Entries shown:
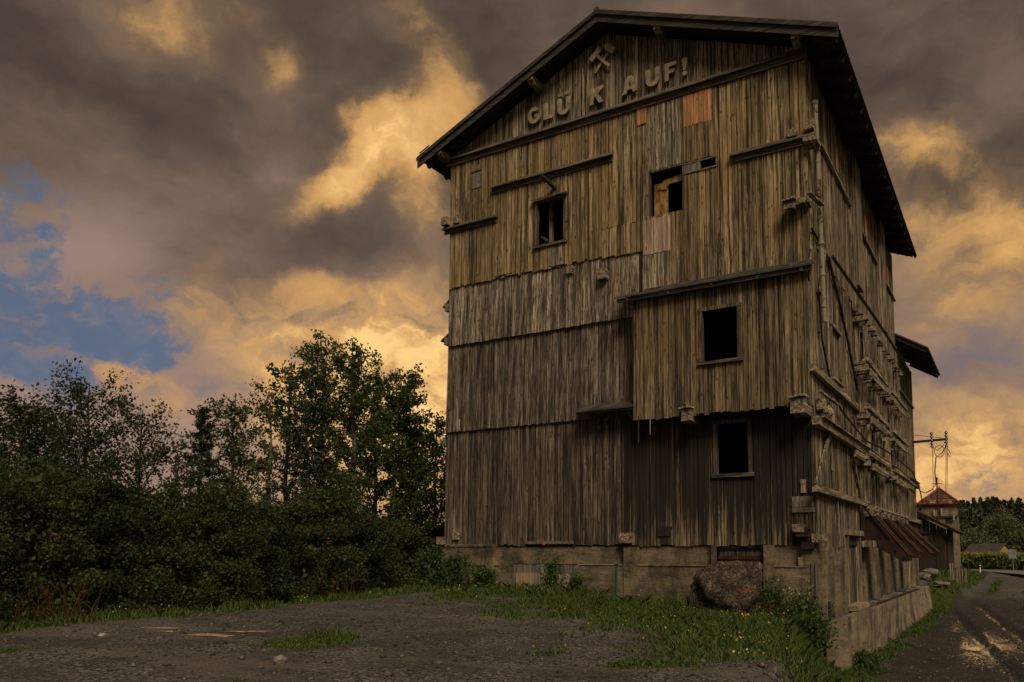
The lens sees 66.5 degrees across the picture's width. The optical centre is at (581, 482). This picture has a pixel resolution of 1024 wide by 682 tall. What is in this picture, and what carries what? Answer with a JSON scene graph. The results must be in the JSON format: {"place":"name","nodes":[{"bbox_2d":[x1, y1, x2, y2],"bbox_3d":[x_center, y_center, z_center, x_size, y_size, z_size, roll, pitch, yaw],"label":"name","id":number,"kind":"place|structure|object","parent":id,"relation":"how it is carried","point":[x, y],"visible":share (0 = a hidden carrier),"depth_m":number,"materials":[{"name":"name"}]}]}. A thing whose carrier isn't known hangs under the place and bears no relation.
{"place":"outdoors","nodes":[
{"label":"outdoors","id":0,"kind":"place"},
{"bbox_2d":[0,571,1023,681],"bbox_3d":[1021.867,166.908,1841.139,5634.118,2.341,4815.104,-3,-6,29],"label":"ground","id":1,"kind":"structure","parent":0,"point":[35,668],"depth_m":13.86,"materials":[{"name":"grey gravel"}]},
{"bbox_2d":[0,466,39,623],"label":"hedge shrub","id":2,"kind":"object","parent":1,"relation":"on","point":[3,598],"visible":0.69,"depth_m":16.91,"materials":[{"name":"green plant"}]},
{"bbox_2d":[0,387,50,476],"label":"tree","id":3,"kind":"object","parent":1,"relation":"on","point":[4,430],"visible":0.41,"depth_m":24.93,"materials":[{"name":"green plant"}]},
{"bbox_2d":[1,575,61,626],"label":"dry weed","id":4,"kind":"object","parent":1,"relation":"on","point":[19,614],"visible":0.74,"depth_m":16.66,"materials":[{"name":"plant"}]},
{"bbox_2d":[0,445,82,625],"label":"hedge shrub","id":5,"kind":"object","parent":1,"relation":"on","point":[31,500],"visible":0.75,"depth_m":17.44,"materials":[{"name":"green plant"}]},
{"bbox_2d":[2,397,111,477],"bbox_3d":[-19.414,0.433,27.605,4.403,7.586,4.761,-1,-5,6],"label":"tree","id":6,"kind":"object","parent":1,"relation":"on","point":[71,419],"visible":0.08,"depth_m":27.87,"materials":[{"name":"green plant"}]},
{"bbox_2d":[0,472,118,621],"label":"hedge shrub","id":7,"kind":"object","parent":1,"relation":"on","point":[78,577],"visible":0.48,"depth_m":18.21,"materials":[{"name":"green plant"}]},
{"bbox_2d":[11,451,114,570],"bbox_3d":[-14.786,1.454,21.602,4.166,4.518,4.207,-3,-6,29],"label":"shrub","id":8,"kind":"object","parent":1,"relation":"on","point":[66,477],"visible":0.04,"depth_m":21.23,"materials":[{"name":"green plant"}]},
{"bbox_2d":[0,379,129,487],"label":"tree","id":9,"kind":"object","parent":1,"relation":"on","point":[20,415],"visible":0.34,"depth_m":25.40,"materials":[{"name":"green plant"}]},
{"bbox_2d":[44,575,109,625],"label":"dry weed","id":10,"kind":"object","parent":1,"relation":"on","point":[78,599],"visible":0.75,"depth_m":17.29,"materials":[{"name":"plant"}]},
{"bbox_2d":[0,356,179,491],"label":"tree","id":11,"kind":"object","parent":1,"relation":"on","point":[75,394],"visible":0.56,"depth_m":25.73,"materials":[{"name":"green plant"}]},
{"bbox_2d":[29,449,161,617],"bbox_3d":[-12.082,1.330,19.472,2.942,4.253,2.984,-3,-6,29],"label":"hedge shrub","id":12,"kind":"object","parent":1,"relation":"on","point":[99,525],"visible":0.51,"depth_m":19.10,"materials":[{"name":"green plant"}]},
{"bbox_2d":[40,392,215,511],"bbox_3d":[-14.907,0.414,26.610,5.954,7.448,4.933,4,-7,-39],"label":"tree","id":13,"kind":"object","parent":1,"relation":"on","point":[139,473],"visible":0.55,"depth_m":26.53,"materials":[{"name":"green plant"}]},
{"bbox_2d":[88,485,173,568],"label":"shrub","id":14,"kind":"object","parent":1,"relation":"on","point":[149,492],"visible":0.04,"depth_m":22.56,"materials":[{"name":"green plant"}]},
{"bbox_2d":[89,476,210,612],"bbox_3d":[-11.365,1.664,20.434,2.779,3.723,3.139,0,-5,-5],"label":"hedge shrub","id":15,"kind":"object","parent":1,"relation":"on","point":[157,578],"visible":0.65,"depth_m":19.97,"materials":[{"name":"green plant"}]},
{"bbox_2d":[148,627,172,628],"bbox_3d":[-8.894,3.061,16.358,0.911,0.023,0.216,0,-5,-3],"label":"sand patch","id":16,"kind":"object","parent":1,"relation":"on","point":[162,627],"visible":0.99,"depth_m":16.33,"materials":[{"name":"beige sand"}]},
{"bbox_2d":[146,439,205,511],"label":"tree","id":17,"kind":"object","parent":1,"relation":"on","point":[177,459],"visible":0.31,"depth_m":28.91,"materials":[{"name":"green plant"}]},
{"bbox_2d":[146,512,238,610],"bbox_3d":[-11.158,2.203,21.613,3.008,2.890,2.622,2,-5,-19],"label":"hedge shrub","id":18,"kind":"object","parent":1,"relation":"on","point":[197,535],"visible":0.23,"depth_m":21.40,"materials":[{"name":"green plant"}]},
{"bbox_2d":[161,404,228,512],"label":"pine tree","id":19,"kind":"object","parent":1,"relation":"on","point":[205,430],"visible":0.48,"depth_m":31.78,"materials":[{"name":"green plant"}]},
{"bbox_2d":[170,497,219,588],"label":"shrub","id":20,"kind":"object","parent":1,"relation":"on","point":[188,509],"depth_m":24.56,"materials":[{"name":"green plant"}]},
{"bbox_2d":[189,633,234,636],"bbox_3d":[-7.106,2.916,14.849,0.951,0.030,0.503,-3,-6,29],"label":"sand patch","id":21,"kind":"object","parent":1,"relation":"on","point":[208,634],"visible":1,"depth_m":14.82,"materials":[{"name":"beige sand"}]},
{"bbox_2d":[179,478,275,607],"bbox_3d":[-10.532,1.785,22.567,2.957,3.892,2.728,3,-6,-31],"label":"hedge shrub","id":22,"kind":"object","parent":1,"relation":"on","point":[231,538],"visible":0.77,"depth_m":22.20,"materials":[{"name":"green plant"}]},
{"bbox_2d":[196,392,272,500],"bbox_3d":[-14.802,0.399,32.756,3.209,8.539,2.890,1,-5,-16],"label":"birch tree","id":23,"kind":"object","parent":1,"relation":"on","point":[231,446],"visible":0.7,"depth_m":32.71,"materials":[{"name":"green plant"}]},
{"bbox_2d":[231,631,262,631],"bbox_3d":[-6.740,3.002,15.649,0.921,0.025,0.278,1,-5,-7],"label":"sand patch","id":24,"kind":"object","parent":1,"relation":"on","point":[246,631],"visible":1,"depth_m":15.61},
{"bbox_2d":[207,498,298,603],"bbox_3d":[-10.226,2.141,23.924,2.872,3.400,2.981,2,-5,-22],"label":"hedge shrub","id":25,"kind":"object","parent":1,"relation":"on","point":[275,559],"visible":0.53,"depth_m":23.64,"materials":[{"name":"green plant"}]},
{"bbox_2d":[251,398,293,501],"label":"birch tree","id":26,"kind":"object","parent":1,"relation":"on","point":[271,456],"visible":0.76,"depth_m":35.86,"materials":[{"name":"green plant"}]},
{"bbox_2d":[213,357,346,504],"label":"tree","id":27,"kind":"object","parent":1,"relation":"on","point":[281,402],"visible":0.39,"depth_m":40.35,"materials":[{"name":"green plant"}]},
{"bbox_2d":[273,655,286,662],"bbox_3d":[-4.450,2.601,11.448,0.196,0.128,0.168,2,-6,-26],"label":"rock","id":28,"kind":"object","parent":1,"relation":"on","point":[280,659],"visible":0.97,"depth_m":11.39,"materials":[{"name":"stone"}]},
{"bbox_2d":[252,490,327,582],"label":"shrub","id":29,"kind":"object","parent":1,"relation":"on","point":[264,496],"visible":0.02,"depth_m":30.49,"materials":[{"name":"green plant"}]},
{"bbox_2d":[259,495,334,599],"bbox_3d":[-9.904,2.240,26.144,2.839,3.575,2.813,-1,-5,13],"label":"hedge shrub","id":30,"kind":"object","parent":1,"relation":"on","point":[305,531],"visible":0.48,"depth_m":25.79,"materials":[{"name":"green plant"}]},
{"bbox_2d":[261,366,344,504],"bbox_3d":[-13.309,-0.364,37.249,3.747,10.772,3.717,-3,-6,29],"label":"pine tree","id":31,"kind":"object","parent":1,"relation":"on","point":[305,483],"visible":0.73,"depth_m":37.50,"materials":[{"name":"green plant"}]},
{"bbox_2d":[277,329,367,490],"bbox_3d":[-13.364,-1.398,39.568,4.967,13.236,4.590,-3,-6,29],"label":"birch tree","id":32,"kind":"object","parent":1,"relation":"on","point":[315,349],"visible":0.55,"depth_m":39.31,"materials":[{"name":"green plant"}]},
{"bbox_2d":[292,470,370,595],"bbox_3d":[-9.164,1.860,28.028,2.985,4.718,3.062,0,-5,0],"label":"hedge shrub","id":33,"kind":"object","parent":1,"relation":"on","point":[334,523],"visible":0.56,"depth_m":27.82,"materials":[{"name":"green plant"}]},
{"bbox_2d":[322,566,368,597],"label":"dry weed","id":34,"kind":"object","parent":1,"relation":"on","point":[344,583],"visible":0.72,"depth_m":26.84,"materials":[{"name":"plant"}]},
{"bbox_2d":[324,485,367,577],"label":"shrub","id":35,"kind":"object","parent":1,"relation":"on","point":[331,491],"visible":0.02,"depth_m":33.89,"materials":[{"name":"green plant"}]},
{"bbox_2d":[303,336,399,514],"bbox_3d":[-11.327,-1.119,38.523,4.739,12.588,3.788,2,-6,-25],"label":"birch tree","id":36,"kind":"object","parent":1,"relation":"on","point":[351,402],"visible":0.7,"depth_m":38.50,"materials":[{"name":"green plant"}]},
{"bbox_2d":[328,511,405,591],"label":"hedge shrub","id":37,"kind":"object","parent":1,"relation":"on","point":[373,538],"visible":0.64,"depth_m":29.59,"materials":[{"name":"green plant"}]},
{"bbox_2d":[310,365,437,518],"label":"tree","id":38,"kind":"object","parent":1,"relation":"on","point":[374,498],"visible":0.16,"depth_m":41.33,"materials":[{"name":"green plant"}]},
{"bbox_2d":[336,363,445,526],"bbox_3d":[-8.443,-0.250,36.722,5.464,10.489,6.088,3,-6,-29],"label":"tree","id":39,"kind":"object","parent":1,"relation":"on","point":[404,400],"visible":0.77,"depth_m":36.06,"materials":[{"name":"green plant"}]},
{"bbox_2d":[375,505,417,543],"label":"shrub","id":40,"kind":"object","parent":1,"relation":"on","point":[383,517],"depth_m":36.43,"materials":[{"name":"green plant"}]},
{"bbox_2d":[381,517,428,587],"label":"hedge shrub","id":41,"kind":"object","parent":1,"relation":"on","point":[407,538],"visible":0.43,"depth_m":31.98,"materials":[{"name":"green plant"}]},
{"bbox_2d":[367,427,445,541],"bbox_3d":[-7.784,1.176,35.776,4.048,7.418,3.656,-1,-5,11],"label":"tree","id":42,"kind":"object","parent":1,"relation":"on","point":[417,506],"visible":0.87,"depth_m":35.51,"materials":[{"name":"green plant"}]},
{"bbox_2d":[402,543,447,587],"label":"shrub","id":43,"kind":"object","parent":1,"relation":"on","point":[433,558],"visible":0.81,"depth_m":29.99,"materials":[{"name":"green plant"}]},
{"bbox_2d":[405,411,445,528],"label":"tree","id":44,"kind":"object","parent":1,"relation":"on","point":[439,424],"visible":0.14,"depth_m":42.62,"materials":[{"name":"green plant"}]},
{"bbox_2d":[418,535,442,583],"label":"hedge shrub","id":45,"kind":"object","parent":1,"relation":"on","point":[426,541],"visible":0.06,"depth_m":33.25,"materials":[{"name":"green plant"}]},
{"bbox_2d":[417,516,444,549],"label":"shrub","id":46,"kind":"object","parent":1,"relation":"on","point":[440,531],"visible":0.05,"depth_m":39.34,"materials":[{"name":"green plant"}]},
{"bbox_2d":[434,545,474,589],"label":"shrub","id":47,"kind":"object","parent":1,"relation":"on","point":[450,579],"visible":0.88,"depth_m":29.30,"materials":[{"name":"green plant"}]},
{"bbox_2d":[97,581,855,678],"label":"wildflowers","id":48,"kind":"object","parent":1,"relation":"on","point":[647,625],"visible":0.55,"depth_m":16.69,"materials":[{"name":"yellow plant"}]},
{"bbox_2d":[465,560,500,589],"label":"weed","id":49,"kind":"object","parent":1,"relation":"on","point":[483,576],"visible":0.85,"depth_m":28.70,"materials":[{"name":"green plant"}]},
{"bbox_2d":[537,551,566,589],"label":"weed","id":50,"kind":"object","parent":1,"relation":"on","point":[550,575],"visible":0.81,"depth_m":27.42,"materials":[{"name":"green plant"}]},
{"bbox_2d":[556,569,591,593],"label":"weed","id":51,"kind":"object","parent":1,"relation":"on","point":[574,582],"visible":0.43,"depth_m":26.77,"materials":[{"name":"green plant"}]},
{"bbox_2d":[614,564,617,597],"bbox_3d":[1.162,3.471,26.313,0.125,1.406,0.120,-3,-6,29],"label":"green post","id":52,"kind":"object","parent":1,"relation":"on","point":[616,570],"visible":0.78,"depth_m":26.31,"materials":[{"name":"metal"}]},
{"bbox_2d":[416,6,950,671],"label":"timber tower","id":53,"kind":"structure","parent":1,"relation":"on","point":[680,352],"depth_m":27.59,"materials":[{"name":"brown wood"}]},
{"bbox_2d":[530,191,567,249],"bbox_3d":[-1.199,-9.832,29.130,1.590,1.955,0.300,-3,-6,29],"label":"window frame","id":54,"kind":"structure","parent":53,"relation":"in","point":[563,196],"depth_m":29.16,"materials":[{"name":"brown wood"}]},
{"bbox_2d":[648,162,683,216],"bbox_3d":[2.951,-10.115,26.948,1.320,1.660,0.170,-3,-6,29],"label":"window frame","id":55,"kind":"structure","parent":53,"relation":"in","point":[676,166],"depth_m":26.98,"materials":[{"name":"brown wood"}]},
{"bbox_2d":[697,302,742,365],"bbox_3d":[4.428,-4.745,24.886,1.507,1.883,0.201,-3,-6,29],"label":"window frame","id":56,"kind":"structure","parent":53,"relation":"in","point":[701,311],"depth_m":24.87,"materials":[{"name":"brown wood"}]},
{"bbox_2d":[711,417,754,477],"bbox_3d":[4.874,-1.103,25.079,1.420,1.884,0.204,-3,-6,29],"label":"window frame","id":57,"kind":"structure","parent":53,"relation":"in","point":[749,421],"depth_m":25.04,"materials":[{"name":"brown wood"}]},
{"bbox_2d":[829,321,844,387],"bbox_3d":[8.926,-4.477,27.342,0.240,2.020,1.760,-3,-6,29],"label":"window frame","id":58,"kind":"structure","parent":53,"relation":"in","point":[835,356],"depth_m":27.55,"materials":[{"name":"brown wood"}]},
{"bbox_2d":[844,529,876,605],"bbox_3d":[10.534,3.176,29.232,0.712,2.750,4.922,-3,-6,29],"label":"door","id":59,"kind":"structure","parent":53,"relation":"in","point":[855,590],"depth_m":29.68,"materials":[{"name":"brown wood"}]},
{"bbox_2d":[686,560,761,613],"bbox_3d":[4.300,3.247,23.197,1.847,1.835,2.516,4,-7,-39],"label":"boulder","id":60,"kind":"object","parent":1,"relation":"on","point":[731,586],"visible":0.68,"depth_m":22.47,"materials":[{"name":"stone"}]},
{"bbox_2d":[759,596,780,615],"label":"dry weed","id":61,"kind":"object","parent":1,"relation":"on","point":[762,609],"visible":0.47,"depth_m":22.90,"materials":[{"name":"green plant"}]},
{"bbox_2d":[759,577,791,613],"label":"weed","id":62,"kind":"object","parent":1,"relation":"on","point":[771,594],"visible":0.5,"depth_m":23.19,"materials":[{"name":"green plant"}]},
{"bbox_2d":[778,579,814,616],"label":"flowering weed","id":63,"kind":"object","parent":1,"relation":"on","point":[799,593],"visible":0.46,"depth_m":22.62,"materials":[{"name":"green plant"}]},
{"bbox_2d":[775,587,833,628],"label":"weed","id":64,"kind":"object","parent":1,"relation":"on","point":[795,602],"visible":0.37,"depth_m":22.17,"materials":[{"name":"green plant"}]},
{"bbox_2d":[781,602,844,649],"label":"weed","id":65,"kind":"object","parent":1,"relation":"on","point":[814,628],"visible":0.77,"depth_m":20.94,"materials":[{"name":"green plant"}]},
{"bbox_2d":[851,642,891,674],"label":"weed","id":66,"kind":"object","parent":1,"relation":"on","point":[865,659],"visible":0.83,"depth_m":23.00,"materials":[{"name":"green plant"}]},
{"bbox_2d":[919,572,930,578],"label":"rubble stone","id":67,"kind":"object","parent":1,"relation":"on","point":[921,574],"visible":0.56,"depth_m":49.90,"materials":[{"name":"grey stone"}]},
{"bbox_2d":[921,568,938,574],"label":"rubble stone","id":68,"kind":"object","parent":67,"relation":"on","point":[931,571],"visible":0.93,"depth_m":50.00,"materials":[{"name":"grey stone"}]},
{"bbox_2d":[921,576,930,579],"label":"rubble stone","id":69,"kind":"object","parent":1,"relation":"on","point":[925,578],"visible":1,"depth_m":49.53,"materials":[{"name":"grey stone"}]},
{"bbox_2d":[931,580,943,585],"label":"rubble stone","id":70,"kind":"object","parent":1,"relation":"on","point":[938,583],"visible":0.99,"depth_m":49.36,"materials":[{"name":"grey stone"}]},
{"bbox_2d":[917,477,963,571],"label":"shed","id":71,"kind":"structure","parent":1,"relation":"on","point":[941,541],"depth_m":60.46,"materials":[{"name":"brown wood"}]},
{"bbox_2d":[919,540,945,571],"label":"door","id":72,"kind":"structure","parent":71,"relation":"in","point":[938,562],"depth_m":60.27,"materials":[{"name":"brown wood"}]},
{"bbox_2d":[916,486,968,569],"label":"transformer tower","id":73,"kind":"structure","parent":1,"relation":"on","point":[949,515],"depth_m":74.43,"materials":[{"name":"beige paint"}]},
{"bbox_2d":[945,518,950,523],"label":"window","id":74,"kind":"structure","parent":73,"relation":"in","point":[947,520],"depth_m":74.13,"materials":[{"name":"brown wood"}]},
{"bbox_2d":[949,563,951,580],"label":"fence post","id":75,"kind":"object","parent":1,"relation":"on","point":[950,576],"visible":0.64,"depth_m":54.05,"materials":[{"name":"brown wood"}]},
{"bbox_2d":[952,563,954,579],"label":"fence post","id":76,"kind":"object","parent":1,"relation":"on","point":[953,568],"visible":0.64,"depth_m":55.66,"materials":[{"name":"brown wood"}]},
{"bbox_2d":[956,566,958,582],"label":"fence post","id":77,"kind":"object","parent":1,"relation":"on","point":[957,577],"visible":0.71,"depth_m":57.24,"materials":[{"name":"brown wood"}]},
{"bbox_2d":[959,566,960,581],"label":"fence post","id":78,"kind":"object","parent":1,"relation":"on","point":[959,573],"visible":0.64,"depth_m":58.84,"materials":[{"name":"brown wood"}]},
{"bbox_2d":[959,522,976,552],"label":"tree","id":79,"kind":"object","parent":1,"relation":"on","point":[965,534],"visible":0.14,"depth_m":239.65,"materials":[{"name":"green plant"}]},
{"bbox_2d":[966,647,982,651],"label":"puddle","id":80,"kind":"object","parent":1,"relation":"on","point":[977,649],"visible":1,"depth_m":28.54,"materials":[{"name":"beige liquid"}]},
{"bbox_2d":[960,530,997,550],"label":"tree","id":81,"kind":"object","parent":1,"relation":"on","point":[983,537],"visible":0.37,"depth_m":226.06,"materials":[{"name":"green plant"}]},
{"bbox_2d":[961,551,1023,569],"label":"hedge","id":82,"kind":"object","parent":1,"relation":"on","point":[994,563],"visible":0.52,"depth_m":104.71,"materials":[{"name":"green plant"}]},
{"bbox_2d":[960,551,1023,561],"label":"corn tassels","id":83,"kind":"object","parent":82,"relation":"attached to","point":[975,554],"visible":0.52,"depth_m":106.70,"materials":[{"name":"green plant"}]},
{"bbox_2d":[972,506,1023,542],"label":"tree","id":84,"kind":"object","parent":1,"relation":"on","point":[999,526],"visible":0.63,"depth_m":229.27,"materials":[{"name":"green plant"}]},
{"bbox_2d":[1006,528,1023,552],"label":"tree","id":85,"kind":"object","parent":1,"relation":"on","point":[1016,539],"visible":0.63,"depth_m":218.77,"materials":[{"name":"green plant"}]},
{"bbox_2d":[0,567,1023,681],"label":"grass","id":86,"kind":"structure","parent":0,"point":[766,628],"depth_m":18.62,"materials":[{"name":"green plant"}]},
{"bbox_2d":[0,0,1023,526],"label":"sky","id":87,"kind":"structure","parent":0,"point":[190,190],"materials":[{"name":"grey"}]},
{"bbox_2d":[965,543,1010,552],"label":"yellow house","id":88,"kind":"structure","parent":0,"point":[998,547],"depth_m":196.26,"materials":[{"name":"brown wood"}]},
{"bbox_2d":[970,569,1023,573],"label":"road","id":89,"kind":"structure","parent":0,"point":[1014,571],"depth_m":93.41,"materials":[{"name":"grey asphalt"}]},
{"bbox_2d":[1008,549,1016,570],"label":"road sign","id":90,"kind":"object","parent":89,"relation":"on","point":[1012,554],"visible":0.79,"depth_m":96.29,"materials":[{"name":"grey metal"}]},
{"bbox_3d":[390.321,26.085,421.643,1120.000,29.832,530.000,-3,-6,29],"label":"hill","id":91,"kind":"structure","parent":0,"visible":0},
{"bbox_2d":[916,496,1023,543],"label":"forest","id":92,"kind":"object","parent":91,"relation":"on","point":[978,512],"visible":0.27,"depth_m":396.79,"materials":[{"name":"green plant"}]}
]}

Exercise requirements: From the data above, say how many lines include "yellow", and write nothing but the number.

Task output: 2